SamsungLabs / ritm_interactive_segmentation

Reviving Iterative Training with Mask Guidance for Interactive Segmentation
MIT License
626 stars 125 forks source link

Multi object segmentation in one network pass #4

Open chamecall opened 3 years ago

chamecall commented 3 years ago

Hello. Thanks for you work. Could the project be adjusted for multi object selection? By multi object selection I mean a case when we set clicks not only as foreground and background but clicks for object1, object2 and so on and to get a segmentations for the objects as a result.

Most important factor is to segment N objects in one network pass cause I can have a large number of objects and sequential passes for every object in image may result in a big time delay.

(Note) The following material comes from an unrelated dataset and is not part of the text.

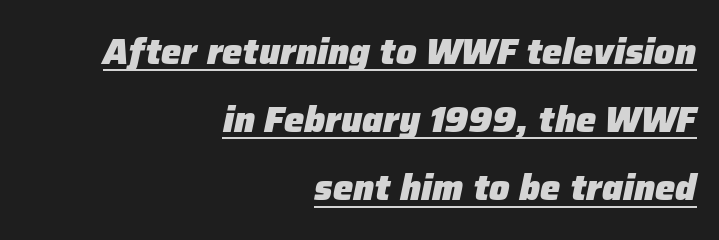
{"italic": "yes", "lean": "right", "slant_degrees": 12, "bold": "yes", "weight": "heavy", "width": "normal", "stroke_contrast": "low", "x_height": "medium", "monospaced": "no", "underline": "yes", "align": "right", "line_spacing_ratio": 1.89, "letter_spacing": "normal", "letter_spacing_em": 0.0, "glyph_px": 36}
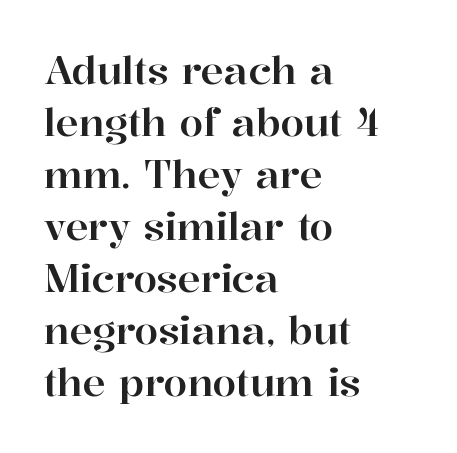
{"serif": "yes", "italic": "no", "width": "normal", "stroke_contrast": "high", "x_height": "medium", "monospaced": "no", "underline": "no", "align": "left", "line_spacing": "normal", "line_spacing_ratio": 1.37, "letter_spacing": "normal", "letter_spacing_em": 0.0, "glyph_px": 38}

If multi object segmentation is not possible in your current implementation then: 1) is that possible to train your model for that purpose or the architecture cannot solve the case problem? 2) probable you can be acknowledged about network/project which solves my use case? if so could you share the info? Thanks again.

ksofiyuk commented 3 years ago

Hello. Yes, it is possible to adapt the code to enable one-pass multi object selection. But it is not very simple and requires rewriting some code.

You should modify the model so that it takes BS x N x P x 2 points (N objects, P is a maximum number of positive/negative points) or BS x N x 2 disk maps. Currently it takes BS x P x 2 points or BS x 2 disk maps for each sample in a batch. To train this model you need to choose N objects for each sample in a batch and replace the NFL loss function with Softmax+CE or use N separate NFL losses for each object (one-vs.-rest strategy).